The NLRB’s Proposed Joint Employer Rule – A Directly, Indirectly, Would’ve, Could’ve, Even-if-You-Don’t-Actually Kind of Test for Joint Employment
Last Tuesday, the National Labor Relations Board (NLRB) published an anticipated Proposed Rule on joint employer status. The Proposed Rule, which is designed to apply for all purposes under the National Labor Relations Act (NLRA), including both union representation and unfair labor practice contexts, is important to businesses that rely on labor supplied by a third party, including contractors, temporary agencies and employee leasing agencies, as well as to franchise relationships. If adopted, the Proposed Rule could especially impact industries such as healthcare, food service and suppliers.
The Proposed Rule states that “common-law agency principles” will govern whether two employers jointly employ a worker or group of workers.

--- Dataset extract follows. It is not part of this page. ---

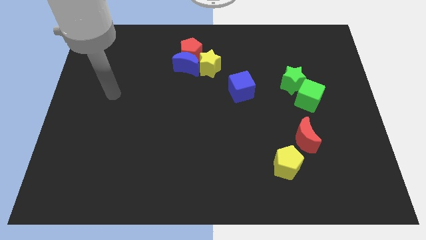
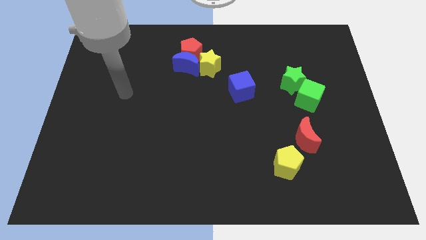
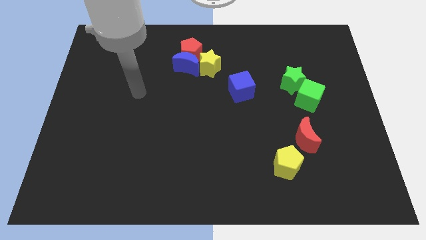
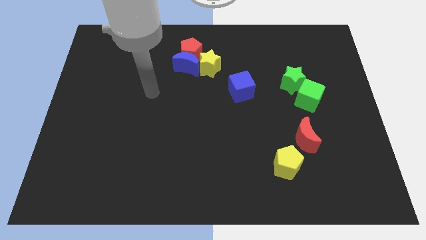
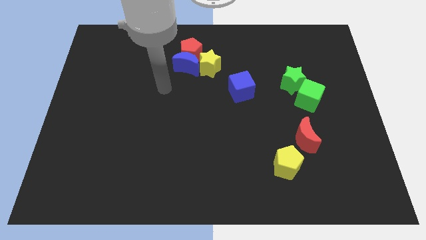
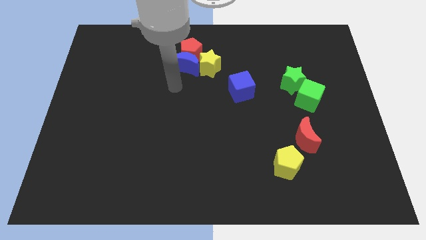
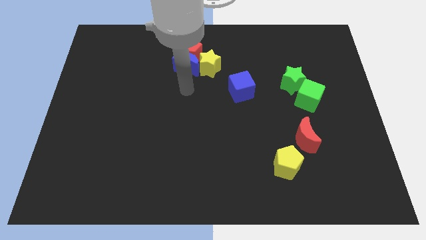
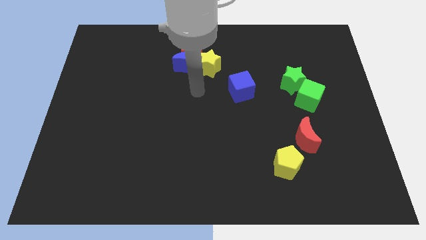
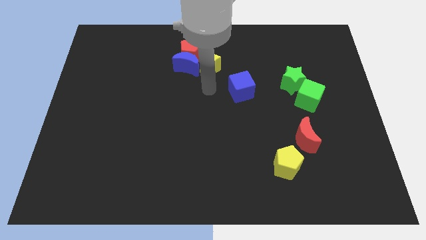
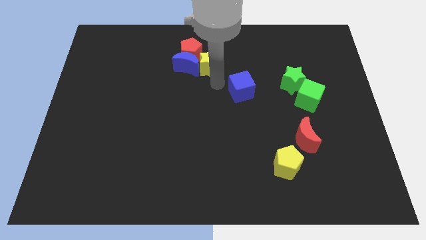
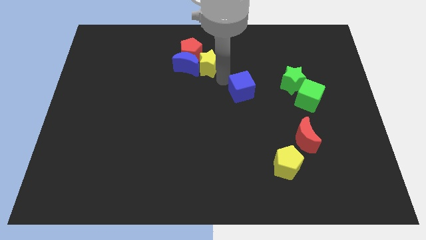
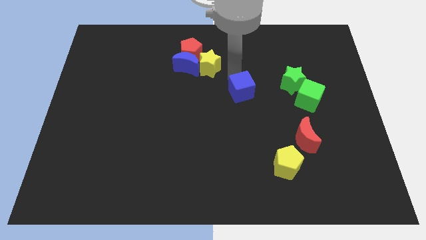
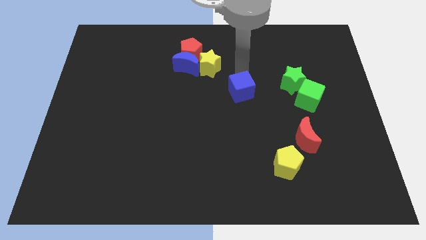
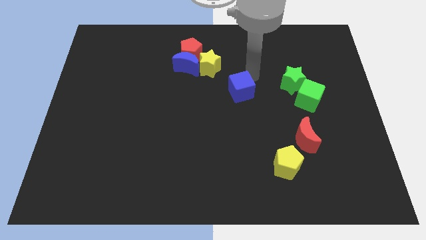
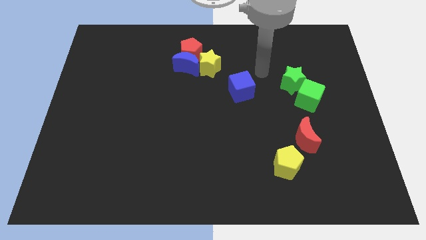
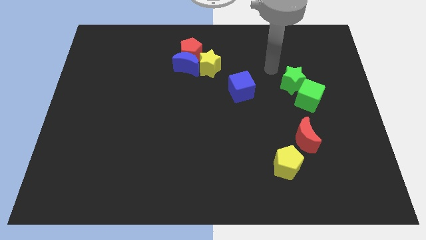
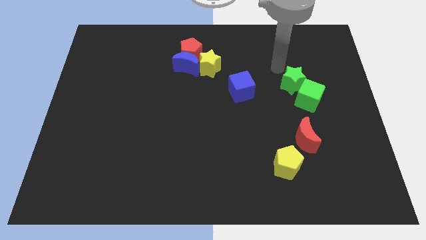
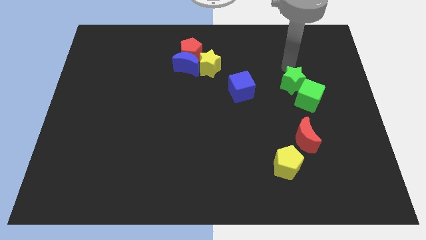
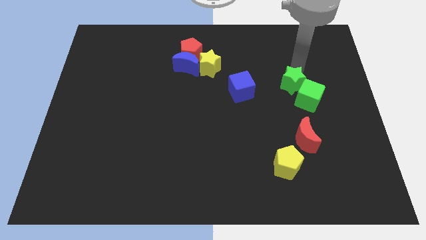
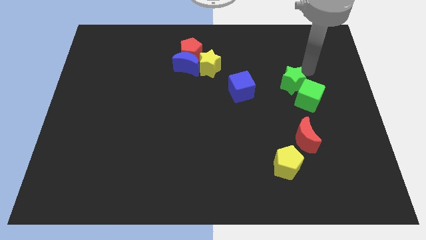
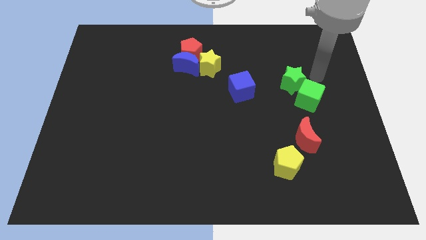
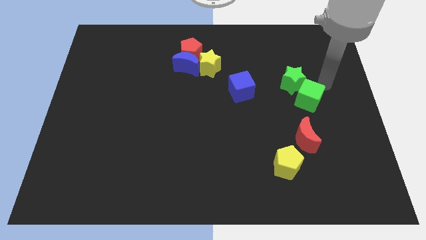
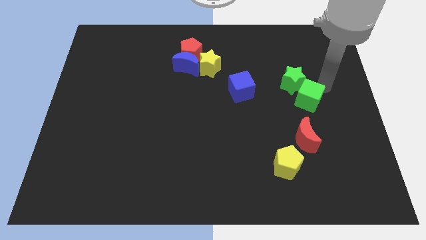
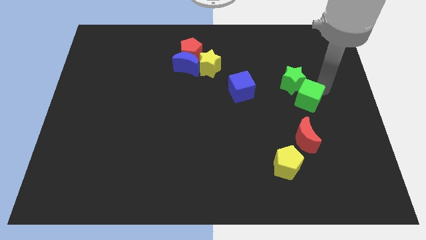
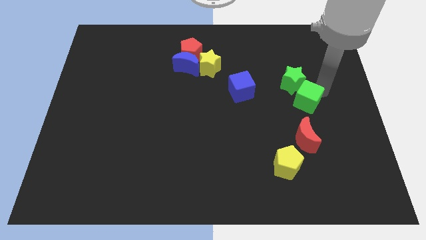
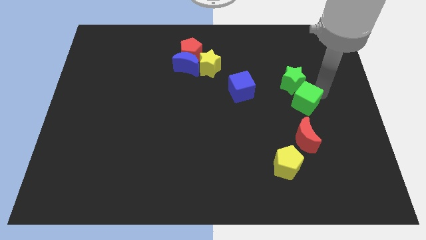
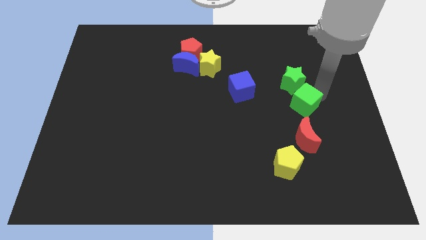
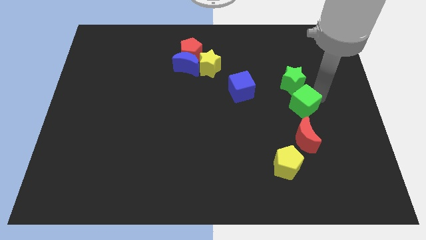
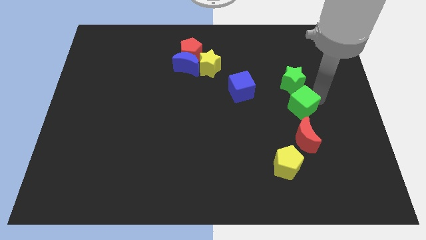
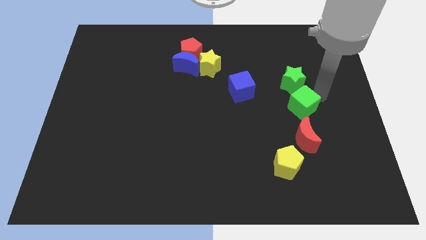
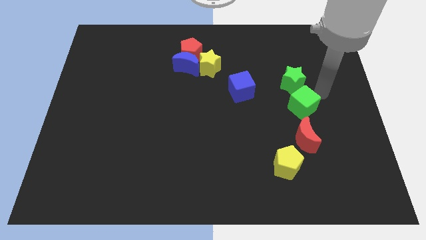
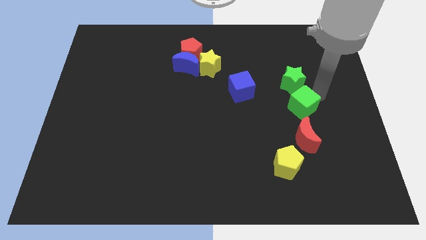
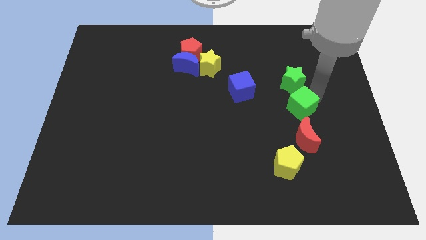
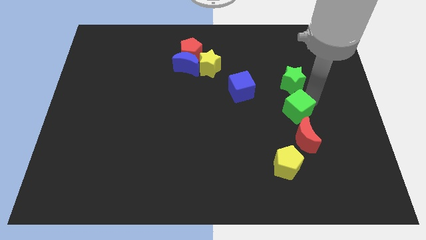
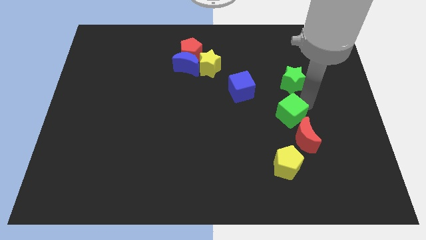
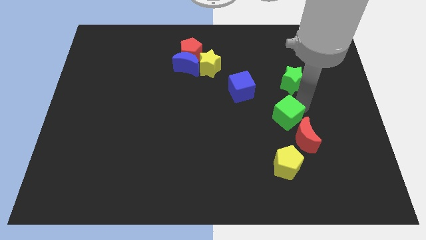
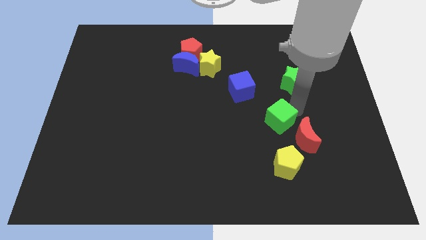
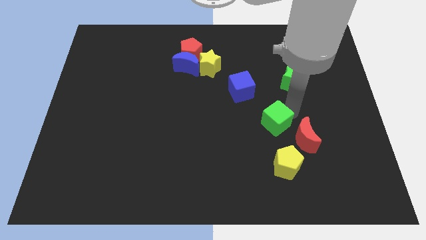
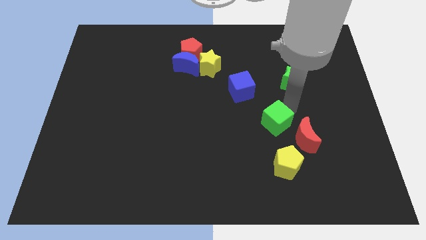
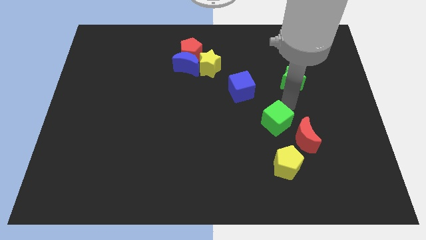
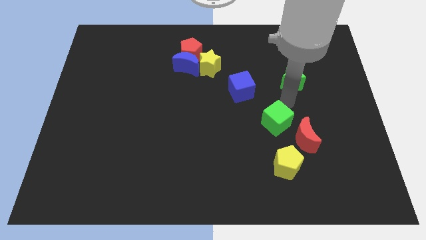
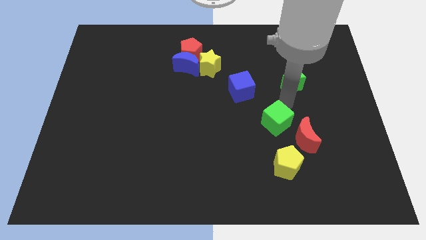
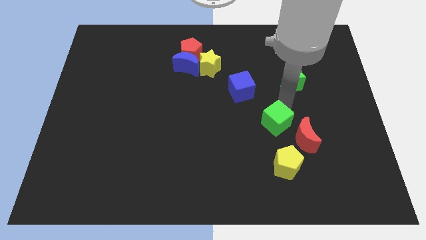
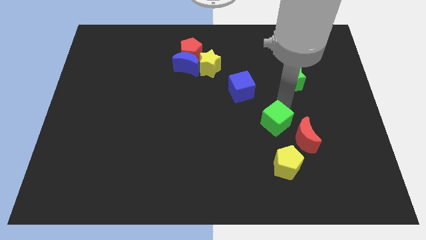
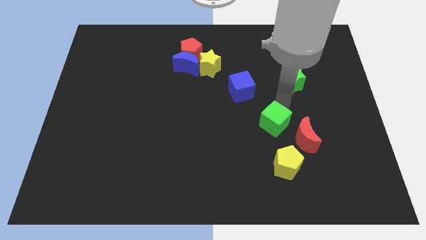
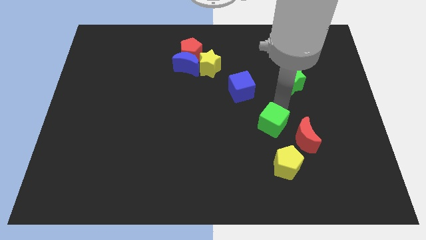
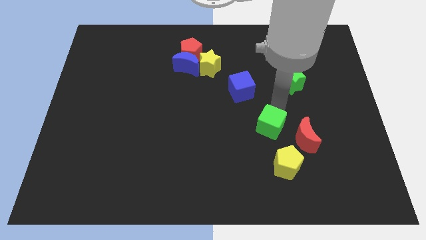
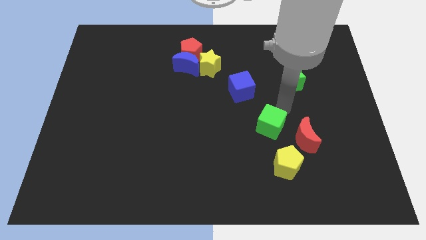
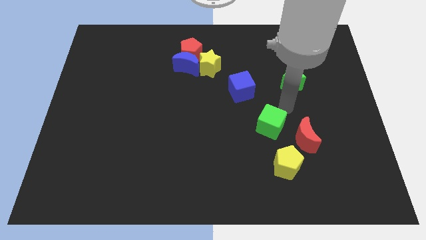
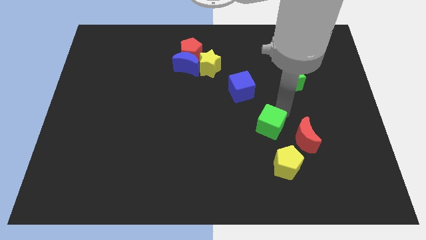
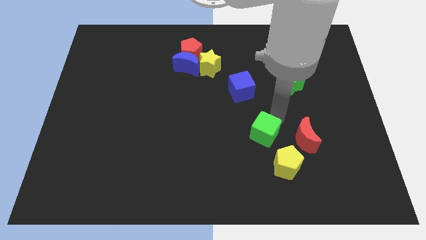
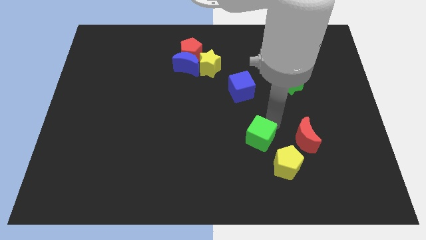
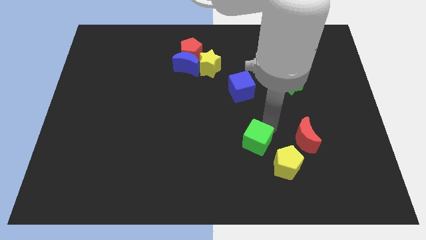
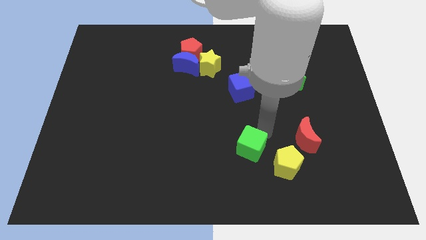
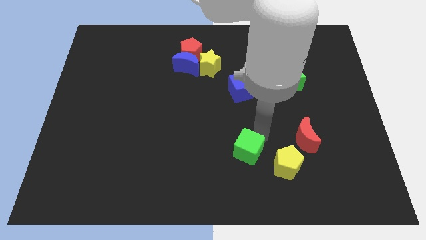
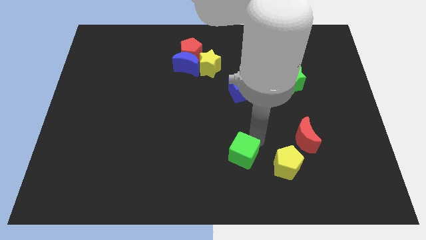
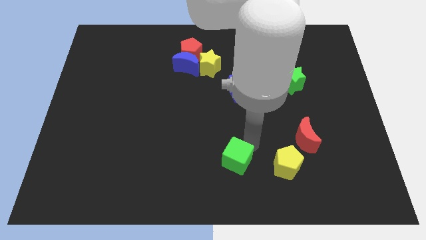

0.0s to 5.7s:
slide the green cube to the bottom side

Unfortunately, this provides little clarity or guidance to businesses. The remainder of the rule suggests that almost any shared labor arrangement may now be construed as joint employment. Some of the highlights of the Proposed Rule:
Entities will be considered joint employers if they “share or codetermine” matters governing the workers’ “essential terms and conditions of employment.”
“Sharing or codetermining” is defined as directly or indirectly exercising control over, or having the authority to control (even if not exercised), one or more terms and conditions of employment.
“Terms and conditions of employment” are defined expansively to include, but is not limited to, “wages, benefits, and other compensation; hours of work and scheduling; hiring and discharge; discipline; workplace health and safety; supervision; assignment; and work rules and directions governing the manner, means, or methods of work performance.”
What Does This Mean for Employers?
The text of the Proposed Rule is very broad and appears designed to capture most third-party labor arrangements, opening up companies to union organizing by or unfair labor practice charges from workers thought to be employed by third parties. The Proposed Rule suggests that companies using third-party labor should examine not only their actual day-to-day control over any aspect of the third party’s employees, but also the underlying contractual language that governs their relationships with the third parties. For example, under a strict reading of the Proposed Rule, any contractual language that provides for, or suggests, the direct or indirect ability to determine work hours, scheduling, placement, safety, assignments, or work rules for the third party’s employees, even if not actually exercised, could result in a finding of joint employment. Removing every such element of potential control may not be practical, feasible or even advisable (for example, it may be necessary for maintaining a safe workplace to retain the authority to remove a contractor’s employee who engages in unsafe work behavior or violates the employer’s rules). However, even in such circumstances, companies should review their contractual arrangements with an eye toward risk allocation or indemnification in connection with such retained authority.
The Proposed Rule is probably a signal of what to expect from other agencies under the current administration. If this Proposed Rule becomes the Final Rule, it may also influence some courts’ interpretations of joint employment in other contexts, such as anti-discrimination and wrongful discharge laws. This could impact the “common-law agency principles” that DOL offers as the basis for the Proposed Rule.
The Proposed Rule is open for public comment and is not final. If your company uses third-party labor, you should submit a comment. While it is unlikely that the current NLRB’s final rule will deviate significantly from the Proposed Rule, you never know unless you try.